Germ cell neoplasia in situ

(GCNIS). The pre-invasive lesion from which type II testicular germ cell tumours (seminomas and non-seminomas) derive.

Cryptorchidism

A condition in which the testes have not descended into the scrotum.

Disorders of sex development

Conditions in which the gonads and genitalia have not developed as expected, sometimes resulting in gender ambiguity or even a gender opposite to that determined by genetics.

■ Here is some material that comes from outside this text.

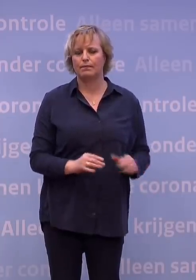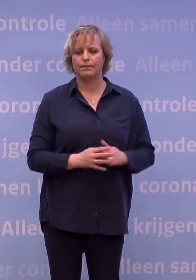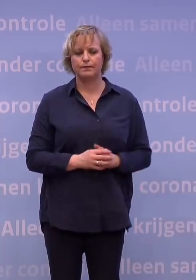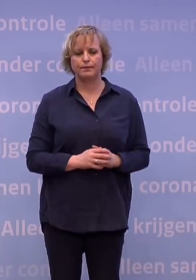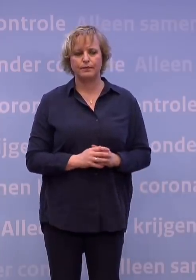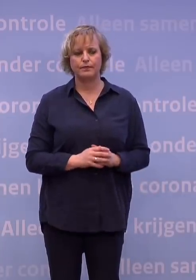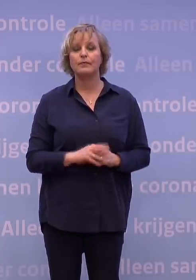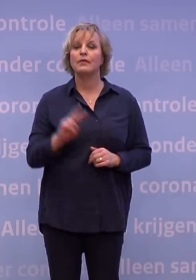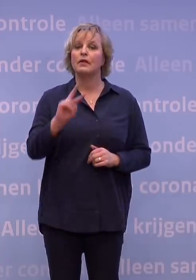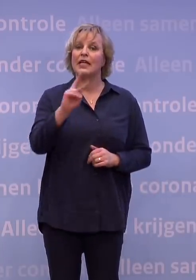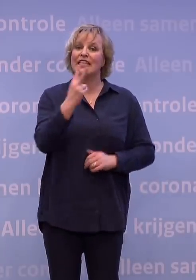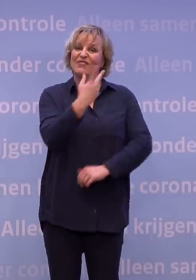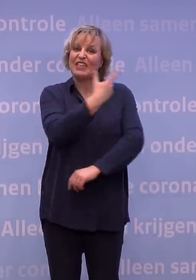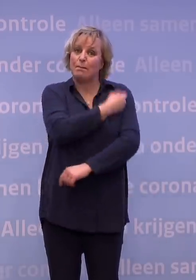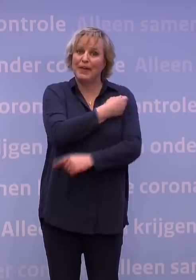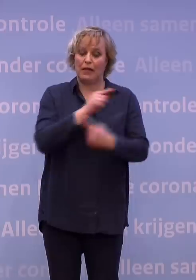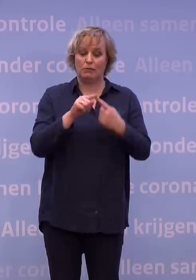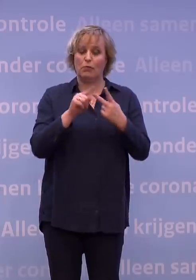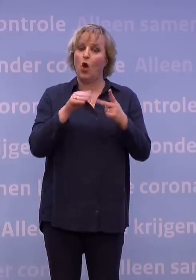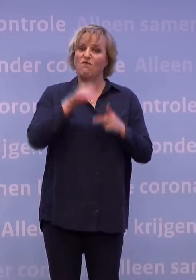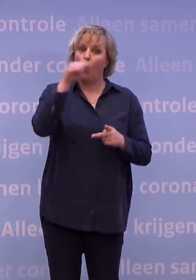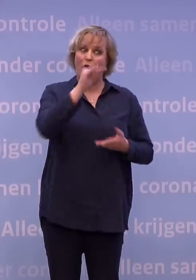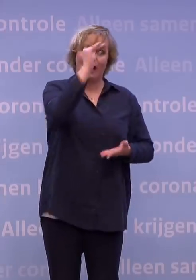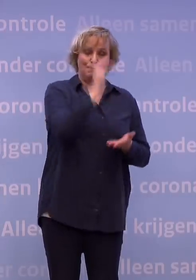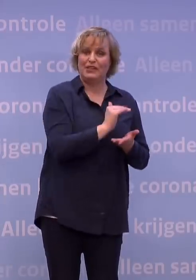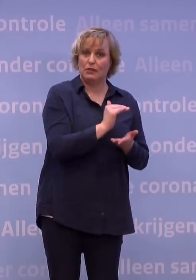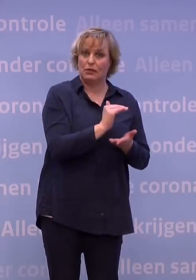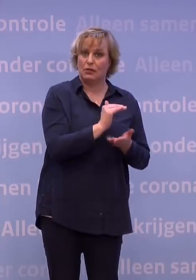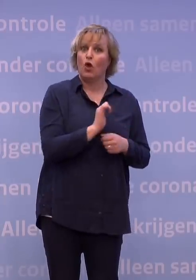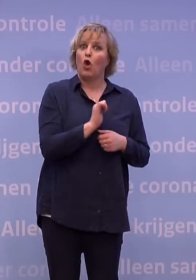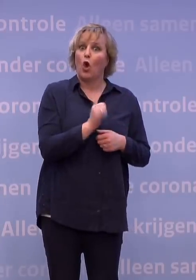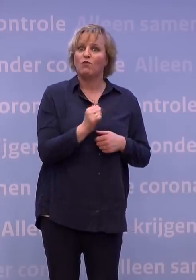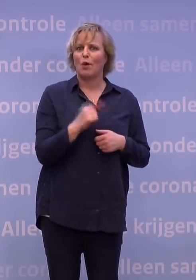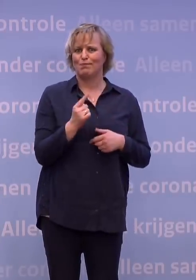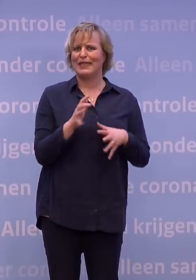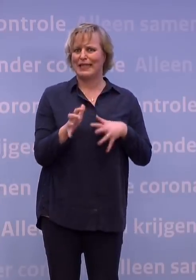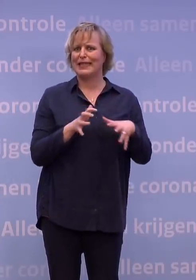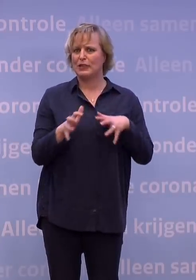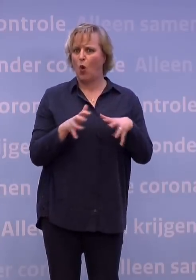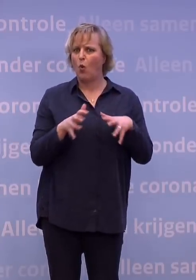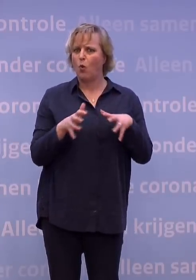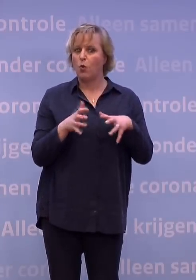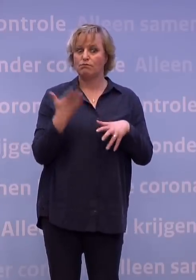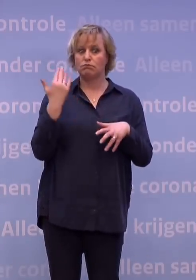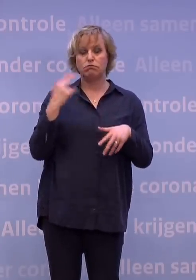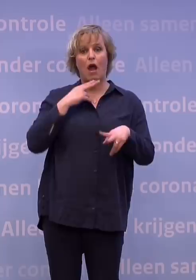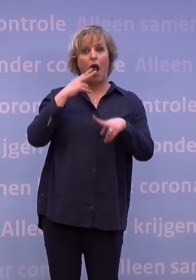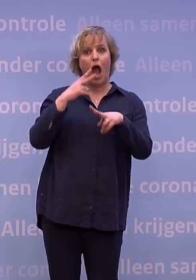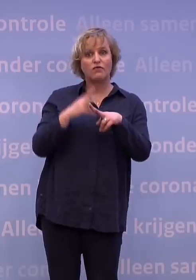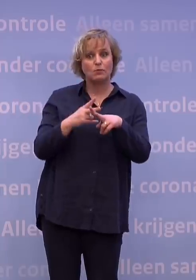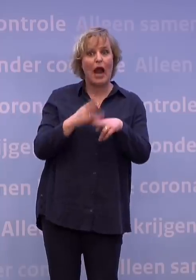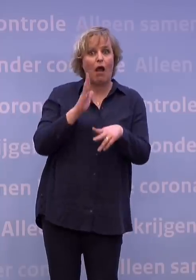Het plannen van die tweede prik en het minder voorraad aanhouden, dat betekent een iets groter risico dat we gemaakte afspraken moeten

Testicular dysgenesis syndrome

A syndrome that is caused by poor gonadal development in fetal life and later manifests as either poor semen quality, cryptorchidism, some forms of hypospadias or testicular germ cell cancer.

Sex-determination

The process of gonadal development into either testes or ovaries.

Seminomas

Morphologically homogeneous subtype of testicular germ cell tumours derived from germ cell neoplasia in situ.

Non-seminomas

Heterogeneous subtype of testicular germ cell tumours that can be composed of embryonal carcinoma, teratoma, yolk sac tumour and choriocarcinoma.

Orchiectomy

Surgical removal of a testis.

Liquid biopsies

Analyses of body fluids, most commonly a blood sample, for biomarkers that can diagnose a disease or condition.

miRNAs

Small molecules of RNA that are 21–24 bases long.

Classic serum tumour markers

Protein-based biomarkers in serum commonly used for managing patients with testicular germ cell tumours. They include α-fetoprotein (AFP), human chorionic gonadotropin subunit-β (β-HCG), and lactate dehydrogenase (LDH).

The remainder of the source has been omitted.